# Uk showing



## Showjumper26 (May 8, 2014)

I've been in-hand showing my Connemara x welsh mare at my local show from April - September and she has done quite well with a few firsts and never leaving the ring without a rosette 
Our last show this year and she came away with a first place 
Her registered name is Hendraws Mari , and looking it up there are a few horses with the same name (Hendraws) ( such as Hendraws gwen ) who do showing .

since she is young and I assume hasn't shown before I wanted to take her to just the one show that's very local that I can ride to so she can get used to it but next year I'm hoping to go to a couple of other local ones. 

If she did well in the future I would like to take her to some nice well known shows , however since she is a a welsh x Connemara , will that restrict me from doing that ? Is there classes that she can enter being a cross ?


I'm in the uk so I'm not sure if rules are different in other places :/ thanks


----------



## jaydee (May 10, 2012)

If she's registered as a part bred welsh then there are classes at the bigger shows for them.


----------



## Showjumper26 (May 8, 2014)

jaydee said:


> If she's registered as a part bred welsh then there are classes at the bigger shows for them.

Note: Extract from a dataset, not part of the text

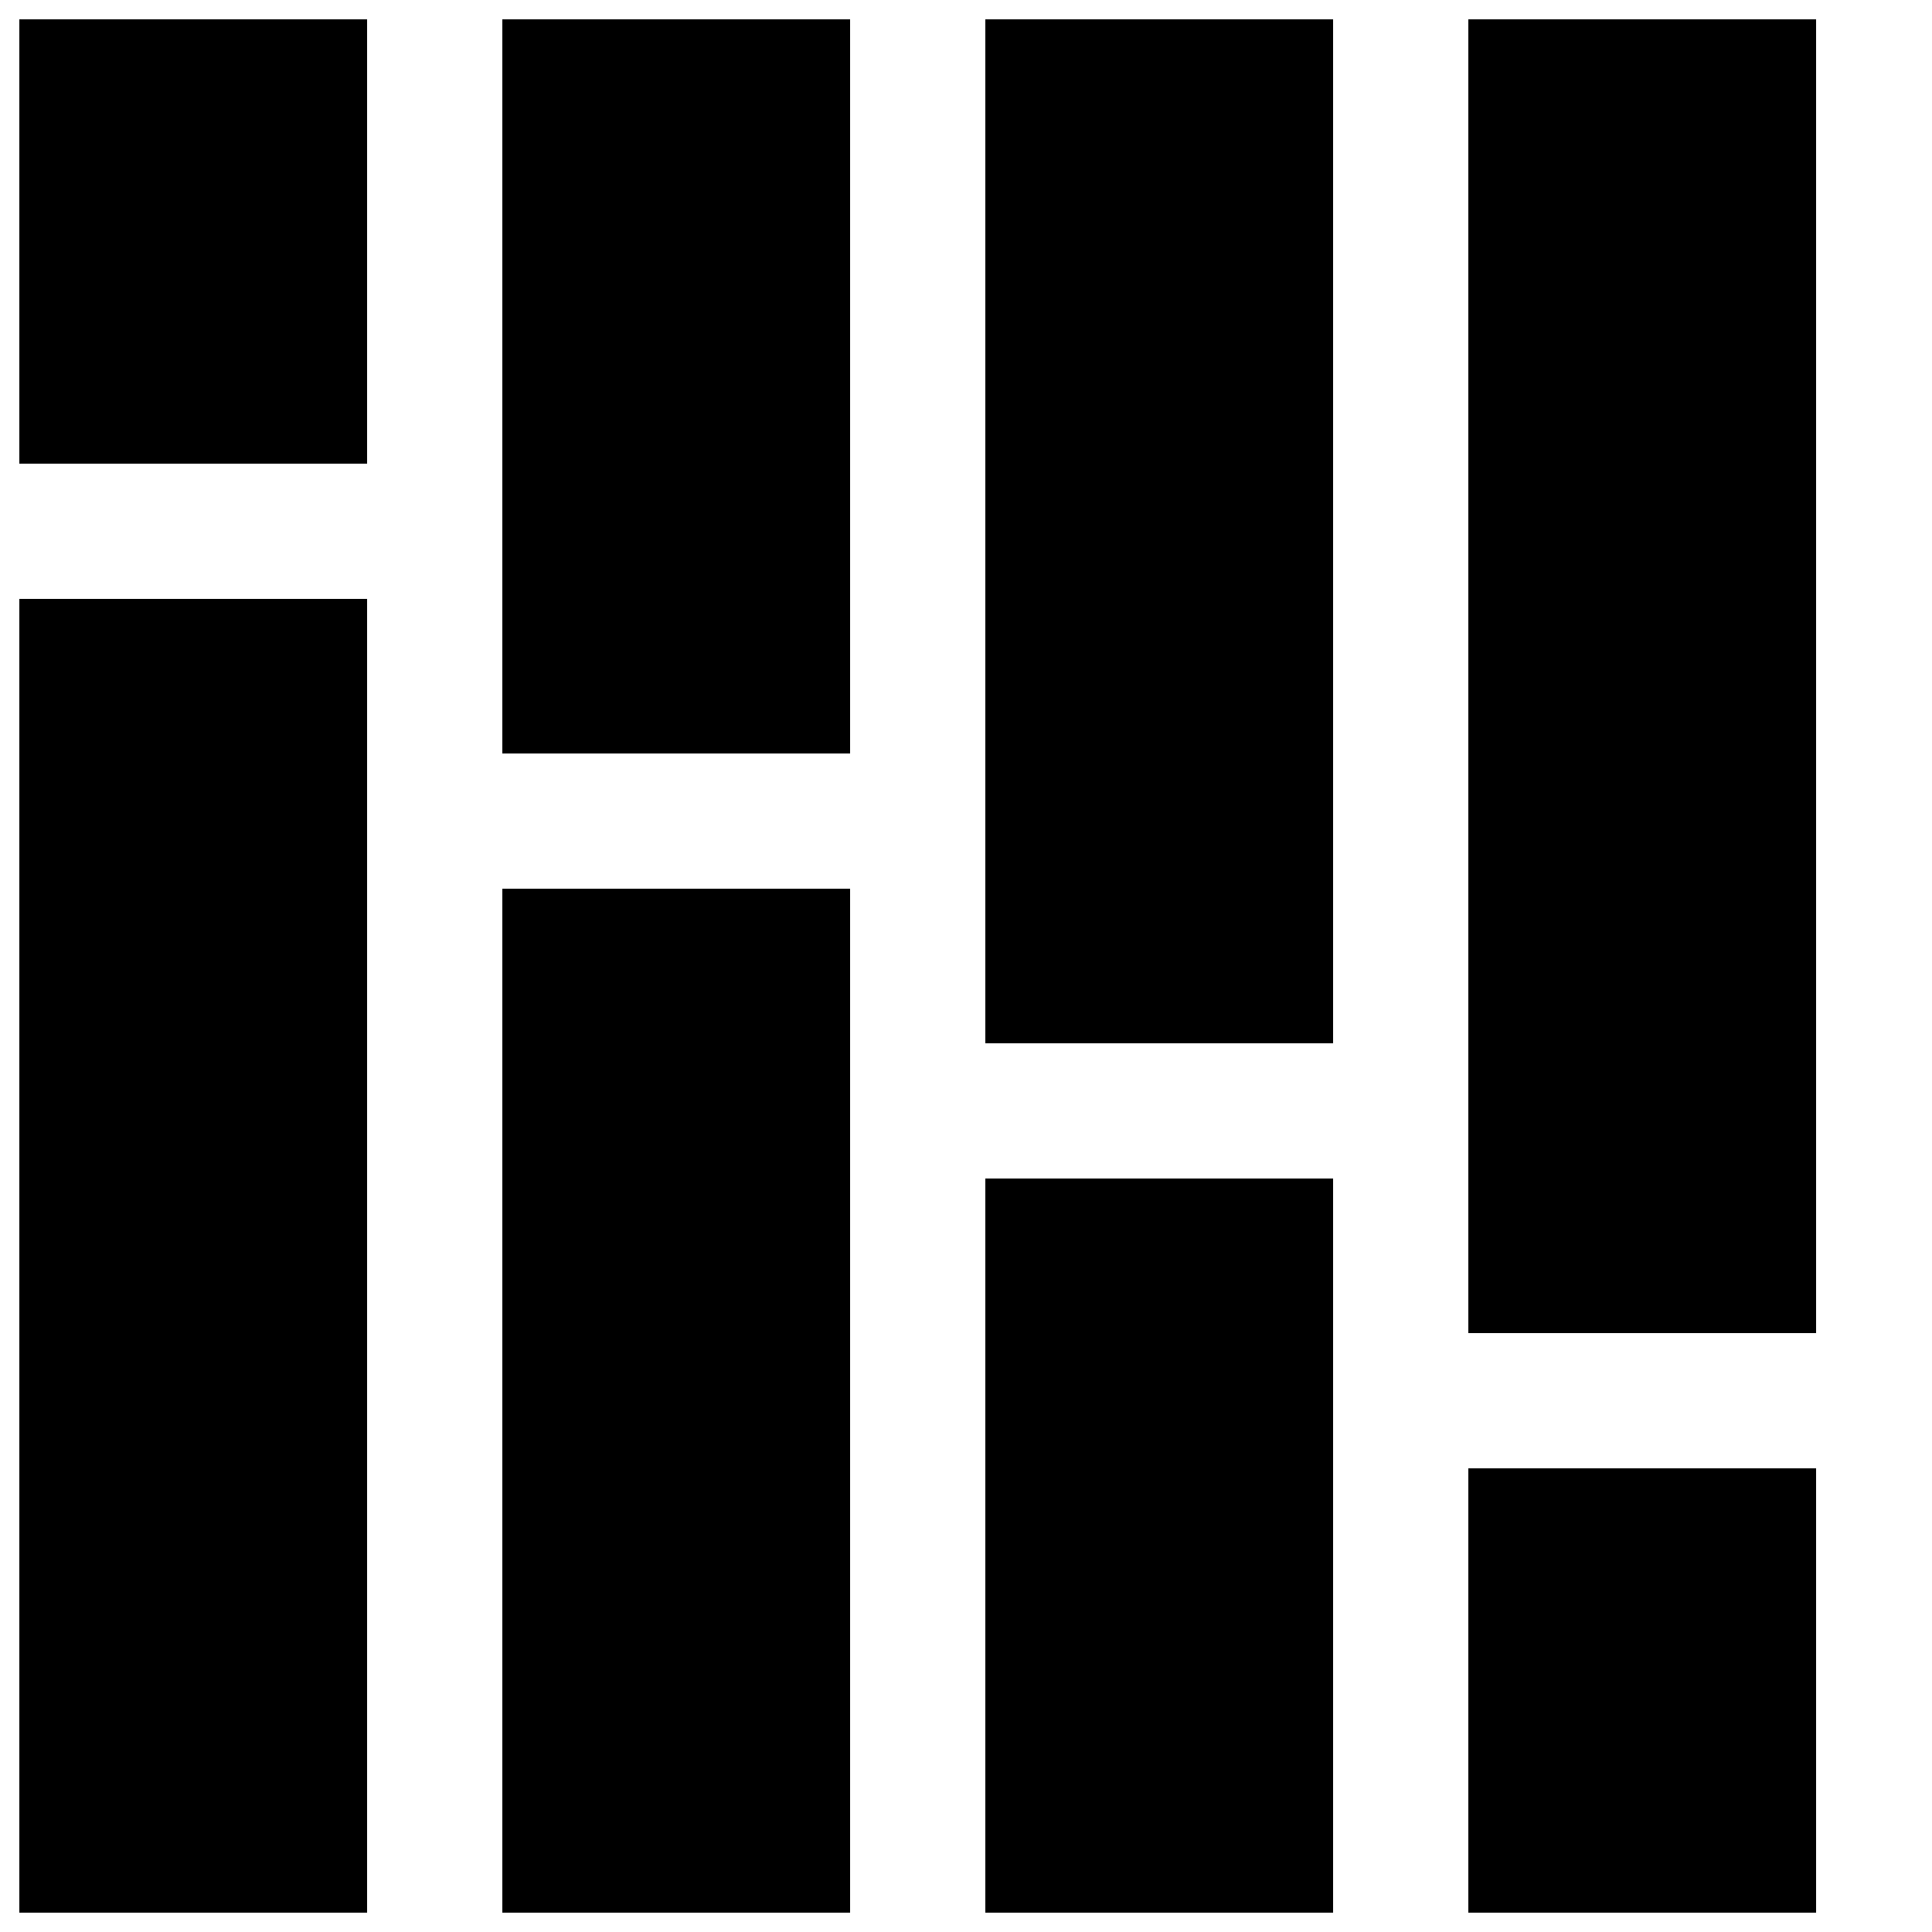 <svg xmlns="http://www.w3.org/2000/svg" viewBox="0 0 200 200"><defs><linearGradient id="a" x1="0" x2="200" y1="200" y2="0" gradientUnits="userSpaceOnUse"><stop offset="0%" stop-color="hsl(7,95%,42%)"/><stop offset="100%" stop-color="hsl(30,100%,53%)"/></linearGradient></defs><path fill="url(#a)" d="M2 62h36v136H2zM52 92h36v106H52zM102 122h36v76h-36zM152 152h36v46h-36zM2 2h36v46H2zM52 2h36v76H52zM102 2h36v106h-36zM152 2h36v136h-36z"/></svg>

Her passport says welsh cob x ?x


----------



## jaydee (May 10, 2012)

Is that some sort of a passport issued by the Welsh pony and Con Society that's linked to actual registration papers?
I suggest you contact the society if you aren't sure
Registration Regulations

If you can't show her in a part bred welsh breed class at higher level why not show in hunter pony classes?


----------



## Chaz80 (Sep 29, 2015)

Showjumper26 said:


> I've been in-hand showing my Connemara x welsh mare at my local show from April - September and she has done quite well with a few firsts and never leaving the ring without a rosette
> Our last show this year and she came away with a first place
> Her registered name is Hendraws Mari , and looking it up there are a few horses with the same name (Hendraws) ( such as Hendraws gwen ) who do showing .
> 
> ...


Hi show jumper..I just wondered if you could help me with something.
I see in your picture (she's beautiful by the way) you show her in a baucher bit,I am looking to do local shows next year with my welsh sec c x, but she is currently Bitless,I need to find a bit she will accept and one that is show legal,I thought of maybe a baucher Waterford or some other variation of the Waterford but I don't know which bits I can use in shows as the rules just say snaffle with single reins...are Waterford's classed as snaffles do you know??


----------



## Foxhunter (Feb 5, 2012)

Water fords are classed as snaffles but I would never use one on a horse that is not use to a bit. 

I started all my youngsters in one of the Myler bits, shaped to the horses mouth which they seem to like.

You can go to one of the bit banks and hire a bit to try, if the horse likes it then you can buy one, if not you can swap for another to try.


----------



## jaydee (May 10, 2012)

Waterfords aren't show ring 'legal'
A Baucher bit with a plain single jointed or French link mouthpiece is allowed in dressage but not something you'd expect to see in ridden UK show classes


----------



## Foxhunter (Feb 5, 2012)

I also see that the OP is using a chain under the chin for control, this is not allowed in bigger shows and as can be seen by the picture, the horse has its head up which shortens its neck - not good. The horse needs to learn to lead correctly under all conditions.


----------



## Showjumper26 (May 8, 2014)

Foxhunter said:


> I also see that the OP is using a chain under the chin for control, this is not allowed in bigger shows and as can be seen by the picture, the horse has its head up which shortens its neck - not good. The horse needs to learn to lead correctly under all conditions.


hello , i just wanted to say that the show this photo was taken at was a very casual 16 and under show , aimed to give tips and advice while in the show ring. they do not mind what you are wearing or what bridle or bit you are using ect. this was one of my first ever showing shows with my new youngster ( i used to showjump with my pony and have no previous showing experience) since this photo we have improved and i have changed my bridle, bit and invested in some proper showing attire for myself. the bit im using is a hanging cheek snaffle and since i ride to the show as it is very local i find it easier to keep the same bridle and bit on for convenience. the lead i am using is not for control it is simply what i show in. i was slightly offended when you suggested that my horse needs to learn to lead correctly and the words "not good". at the show the judge suggested i try to get her head up into the air , which is the reason her head is like that. we were just starting out and we were both very new to showing . since then we have been practicing more and she now trots with her head down nicely. i am sure that you did not intentionally mean to offend me but i never admitted to being perfect , we are both young and learning as we go. sorry but i felt this needed to be said. have a nice day


----------



## Golden Horse (Feb 20, 2010)

Showjumper26 said:


> i am sure that you did not intentionally mean to offend me but i never admitted to being perfect , we are both young and learning as we go. sorry but i felt this needed to be said. have a nice day


Why would you be offended? if you know you are not perfect, why are you upset when people, who have far more experience, point out the 'areas for improvement' for the benefit of others.

We all share stuff here, and rarely if ever is the picture perfect, because we all have areas to improve on. Now in this case the comments were for the benefit of someone else, not as a criticism of you.


----------